### Exercise
Select every line below containing the word "twig".

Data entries
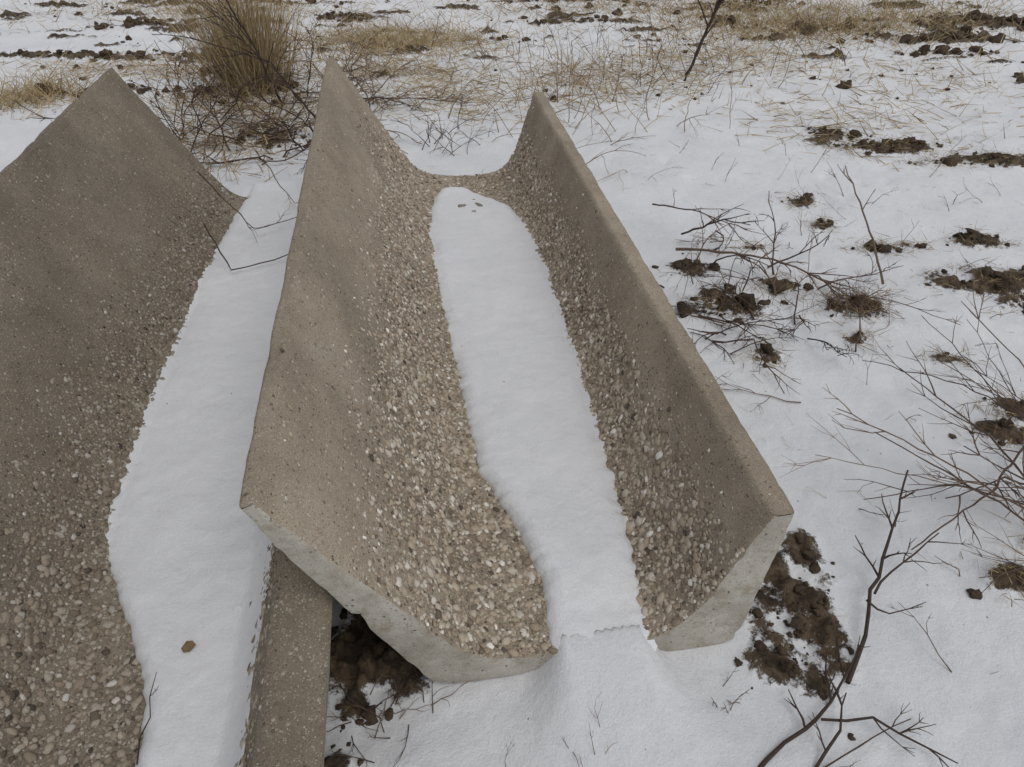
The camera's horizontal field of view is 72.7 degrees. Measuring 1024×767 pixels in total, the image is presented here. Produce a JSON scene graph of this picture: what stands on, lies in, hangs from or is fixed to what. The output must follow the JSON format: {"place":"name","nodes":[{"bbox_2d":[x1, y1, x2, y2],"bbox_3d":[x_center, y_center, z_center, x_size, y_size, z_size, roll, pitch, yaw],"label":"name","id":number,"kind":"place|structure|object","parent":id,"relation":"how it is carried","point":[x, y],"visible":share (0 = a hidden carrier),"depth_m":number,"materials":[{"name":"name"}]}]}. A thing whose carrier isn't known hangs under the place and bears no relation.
{"place":"outdoors","nodes":[
{"label":"outdoors","id":0,"kind":"place"},
{"bbox_2d":[0,0,1023,766],"bbox_3d":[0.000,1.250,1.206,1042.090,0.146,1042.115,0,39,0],"label":"snow covered ground","id":1,"kind":"structure","parent":0,"point":[652,706],"depth_m":3.00,"materials":[{"name":"white snow"}]},
{"bbox_2d":[0,52,145,120],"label":"dry grass patch","id":2,"kind":"object","parent":1,"relation":"on","point":[15,96],"visible":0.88,"depth_m":5.52,"materials":[{"name":"beige plant"}]},
{"bbox_2d":[0,67,332,766],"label":"concrete feed bunk","id":3,"kind":"object","parent":1,"relation":"on","point":[138,548],"visible":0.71,"depth_m":2.10,"materials":[{"name":"beige concrete"}]},
{"bbox_2d":[136,672,158,764],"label":"weed stalk","id":4,"kind":"object","parent":3,"relation":"on","point":[146,723],"visible":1,"depth_m":1.58,"materials":[{"name":"brown plant"}]},
{"bbox_2d":[181,641,195,652],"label":"dead leaf","id":5,"kind":"object","parent":3,"relation":"on","point":[187,646],"visible":1,"depth_m":1.74,"materials":[{"name":"brown plant"}]},
{"bbox_2d":[197,150,295,270],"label":"fallen twig","id":6,"kind":"object","parent":3,"relation":"on","point":[245,220],"visible":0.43,"depth_m":3.33,"materials":[{"name":"brown wood"}]},
{"bbox_2d":[0,32,419,88],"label":"dry grass patch","id":7,"kind":"object","parent":1,"relation":"on","point":[134,67],"visible":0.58,"depth_m":6.20,"materials":[{"name":"beige plant"}]},
{"bbox_2d":[14,0,471,183],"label":"dead shrub","id":8,"kind":"object","parent":1,"relation":"on","point":[372,98],"visible":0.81,"depth_m":4.83,"materials":[{"name":"brown plant"}]},
{"bbox_2d":[127,0,392,142],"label":"dry grass tuft","id":9,"kind":"object","parent":1,"relation":"on","point":[244,63],"visible":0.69,"depth_m":5.39,"materials":[{"name":"brown plant"}]},
{"bbox_2d":[0,0,541,35],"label":"dry grass patch","id":10,"kind":"object","parent":1,"relation":"on","point":[134,7],"visible":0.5,"depth_m":7.91,"materials":[{"name":"beige plant"}]},
{"bbox_2d":[154,83,400,188],"bbox_3d":[-1.901,-1.850,4.808,2.384,0.347,2.282,-21,44,-24],"label":"dry grass patch","id":11,"kind":"object","parent":1,"relation":"on","point":[236,152],"visible":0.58,"depth_m":4.82,"materials":[{"name":"brown plant"}]},
{"bbox_2d":[142,1,571,78],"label":"dry grass patch","id":12,"kind":"object","parent":1,"relation":"on","point":[388,39],"visible":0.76,"depth_m":6.84,"materials":[{"name":"beige plant"}]},
{"bbox_2d":[326,640,468,766],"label":"root litter","id":13,"kind":"object","parent":1,"relation":"on","point":[377,705],"visible":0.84,"depth_m":1.76,"materials":[{"name":"brown plant"}]},
{"bbox_2d":[177,25,632,121],"bbox_3d":[-0.843,-2.695,5.904,3.416,0.261,2.315,23,45,26],"label":"dry grass patch","id":14,"kind":"object","parent":1,"relation":"on","point":[454,67],"visible":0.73,"depth_m":6.03,"materials":[{"name":"beige plant"}]},
{"bbox_2d":[309,7,551,114],"bbox_3d":[-1.214,-2.804,5.871,1.932,0.451,2.868,24,45,26],"label":"dead weed","id":15,"kind":"object","parent":1,"relation":"on","point":[441,49],"visible":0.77,"depth_m":6.24,"materials":[{"name":"beige plant"}]},
{"bbox_2d":[390,76,497,156],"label":"dead weed","id":16,"kind":"object","parent":1,"relation":"on","point":[441,133],"visible":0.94,"depth_m":4.73,"materials":[{"name":"beige plant"}]},
{"bbox_2d":[316,59,582,134],"bbox_3d":[-0.443,-2.337,5.482,2.075,0.258,1.721,9,40,11],"label":"dry grass patch","id":17,"kind":"object","parent":1,"relation":"on","point":[454,97],"visible":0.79,"depth_m":5.48,"materials":[{"name":"beige plant"}]},
{"bbox_2d":[239,56,793,682],"bbox_3d":[-0.166,-0.503,2.796,1.179,0.782,3.156,-5,40,-7],"label":"concrete feed bunk","id":18,"kind":"object","parent":1,"relation":"on","point":[501,432],"visible":1,"depth_m":2.10,"materials":[{"name":"beige concrete"}]},
{"bbox_2d":[10,0,1023,108],"bbox_3d":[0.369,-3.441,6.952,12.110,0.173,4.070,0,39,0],"label":"soil clods","id":19,"kind":"object","parent":1,"relation":"on","point":[923,49],"visible":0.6,"depth_m":6.93,"materials":[{"name":"brown soil"}]},
{"bbox_2d":[505,694,617,766],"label":"dead weed","id":20,"kind":"object","parent":1,"relation":"on","point":[565,741],"visible":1,"depth_m":1.65,"materials":[{"name":"grey plant"}]},
{"bbox_2d":[324,530,855,766],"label":"soil clods","id":21,"kind":"object","parent":1,"relation":"on","point":[797,623],"visible":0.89,"depth_m":1.91,"materials":[{"name":"brown soil"}]},
{"bbox_2d":[158,41,1023,748],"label":"straw litter","id":22,"kind":"object","parent":1,"relation":"on","point":[872,291],"visible":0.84,"depth_m":3.32,"materials":[{"name":"plant"}]},
{"bbox_2d":[472,9,729,131],"bbox_3d":[0.578,-2.466,5.272,1.804,0.688,2.284,0,39,0],"label":"dead weed","id":23,"kind":"object","parent":1,"relation":"on","point":[618,74],"visible":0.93,"depth_m":5.54,"materials":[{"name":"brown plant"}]},
{"bbox_2d":[181,124,1023,599],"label":"soil clods","id":24,"kind":"object","parent":1,"relation":"on","point":[781,286],"visible":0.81,"depth_m":3.40,"materials":[{"name":"brown soil"}]},
{"bbox_2d":[467,11,743,191],"bbox_3d":[0.647,-2.173,4.826,1.596,0.811,2.510,23,45,26],"label":"dead weed","id":25,"kind":"object","parent":1,"relation":"on","point":[572,95],"visible":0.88,"depth_m":4.96,"materials":[{"name":"beige plant"}]},
{"bbox_2d":[428,42,785,127],"bbox_3d":[0.774,-2.628,5.806,3.121,0.278,2.272,0,39,0],"label":"dry grass patch","id":26,"kind":"object","parent":1,"relation":"on","point":[621,87],"visible":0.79,"depth_m":5.84,"materials":[{"name":"beige plant"}]},
{"bbox_2d":[347,0,963,31],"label":"dry grass patch","id":27,"kind":"object","parent":1,"relation":"on","point":[628,3],"visible":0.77,"depth_m":7.95,"materials":[{"name":"beige plant"}]},
{"bbox_2d":[566,1,796,99],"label":"dead weed","id":28,"kind":"object","parent":1,"relation":"on","point":[692,51],"visible":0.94,"depth_m":5.81,"materials":[{"name":"beige plant"}]},
{"bbox_2d":[501,18,888,106],"bbox_3d":[1.711,-3.049,6.332,3.679,0.279,2.613,0,39,0],"label":"dry grass patch","id":29,"kind":"object","parent":1,"relation":"on","point":[747,54],"visible":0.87,"depth_m":6.41,"materials":[{"name":"beige plant"}]},
{"bbox_2d":[683,0,723,80],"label":"weed stalk","id":30,"kind":"object","parent":1,"relation":"on","point":[716,8],"visible":0.97,"depth_m":5.73,"materials":[{"name":"brown plant"}]},
{"bbox_2d":[711,668,748,712],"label":"dead weed","id":31,"kind":"object","parent":1,"relation":"on","point":[723,708],"visible":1,"depth_m":1.75,"materials":[{"name":"grey plant"}]},
{"bbox_2d":[492,0,1023,60],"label":"dry grass patch","id":32,"kind":"object","parent":1,"relation":"on","point":[739,15],"visible":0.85,"depth_m":7.25,"materials":[{"name":"beige plant"}]},
{"bbox_2d":[533,0,999,75],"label":"dead weed","id":33,"kind":"object","parent":1,"relation":"on","point":[804,33],"visible":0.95,"depth_m":6.78,"materials":[{"name":"beige plant"}]},
{"bbox_2d":[652,197,900,411],"bbox_3d":[1.072,-0.464,3.053,1.280,0.393,1.534,15,42,17],"label":"dead shrub","id":34,"kind":"object","parent":1,"relation":"on","point":[743,256],"visible":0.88,"depth_m":3.24,"materials":[{"name":"brown plant"}]},
{"bbox_2d":[673,140,917,321],"bbox_3d":[1.438,-0.919,3.761,1.210,0.220,2.229,0,39,0],"label":"dead weed","id":35,"kind":"object","parent":1,"relation":"on","point":[770,235],"visible":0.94,"depth_m":3.59,"materials":[{"name":"beige plant"}]},
{"bbox_2d":[598,0,1023,38],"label":"dry grass patch","id":36,"kind":"object","parent":1,"relation":"on","point":[924,9],"visible":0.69,"depth_m":7.89,"materials":[{"name":"beige plant"}]},
{"bbox_2d":[652,124,1000,268],"bbox_3d":[2.270,-1.106,3.932,2.856,0.280,1.665,22,44,25],"label":"dead weed","id":37,"kind":"object","parent":1,"relation":"on","point":[883,194],"visible":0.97,"depth_m":4.15,"materials":[{"name":"beige plant"}]},
{"bbox_2d":[664,64,1023,171],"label":"dry grass patch","id":38,"kind":"object","parent":1,"relation":"on","point":[860,121],"visible":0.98,"depth_m":5.18,"materials":[{"name":"beige plant"}]},
{"bbox_2d":[799,269,905,331],"bbox_3d":[1.603,-0.442,3.200,0.479,0.174,0.508,7,40,8],"label":"weed root ball","id":39,"kind":"object","parent":1,"relation":"on","point":[836,300],"visible":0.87,"depth_m":3.19,"materials":[{"name":"brown plant"}]},
{"bbox_2d":[757,636,957,766],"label":"fallen twig","id":40,"kind":"object","parent":1,"relation":"on","point":[775,751],"visible":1,"depth_m":1.70,"materials":[{"name":"brown wood"}]},
{"bbox_2d":[723,16,1023,132],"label":"dry grass patch","id":41,"kind":"object","parent":1,"relation":"on","point":[932,75],"visible":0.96,"depth_m":5.97,"materials":[{"name":"beige plant"}]},
{"bbox_2d":[832,164,961,351],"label":"weed stalk","id":42,"kind":"object","parent":1,"relation":"on","point":[873,240],"visible":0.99,"depth_m":3.19,"materials":[{"name":"brown plant"}]},
{"bbox_2d":[775,275,1023,595],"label":"dead shrub","id":43,"kind":"object","parent":1,"relation":"on","point":[995,488],"visible":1,"depth_m":2.28,"materials":[{"name":"brown plant"}]},
{"bbox_2d":[787,288,1017,672],"bbox_3d":[1.538,0.506,2.020,1.608,0.247,2.799,0,39,0],"label":"dead weed","id":44,"kind":"object","parent":1,"relation":"on","point":[890,502],"visible":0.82,"depth_m":2.17,"materials":[{"name":"beige plant"}]},
{"bbox_2d":[845,470,972,683],"bbox_3d":[1.072,0.530,2.014,0.721,0.120,0.274,-27,46,-29],"label":"fallen twig","id":45,"kind":"object","parent":1,"relation":"on","point":[849,678],"visible":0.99,"depth_m":2.02,"materials":[{"name":"brown wood"}]}
]}

### Task answer
{"bbox_2d":[197,150,295,270],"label":"fallen twig","id":6,"kind":"object","parent":3,"relation":"on","point":[245,220],"visible":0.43,"depth_m":3.33,"materials":[{"name":"brown wood"}]},
{"bbox_2d":[757,636,957,766],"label":"fallen twig","id":40,"kind":"object","parent":1,"relation":"on","point":[775,751],"visible":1,"depth_m":1.70,"materials":[{"name":"brown wood"}]},
{"bbox_2d":[845,470,972,683],"bbox_3d":[1.072,0.530,2.014,0.721,0.120,0.274,-27,46,-29],"label":"fallen twig","id":45,"kind":"object","parent":1,"relation":"on","point":[849,678],"visible":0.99,"depth_m":2.02,"materials":[{"name":"brown wood"}]}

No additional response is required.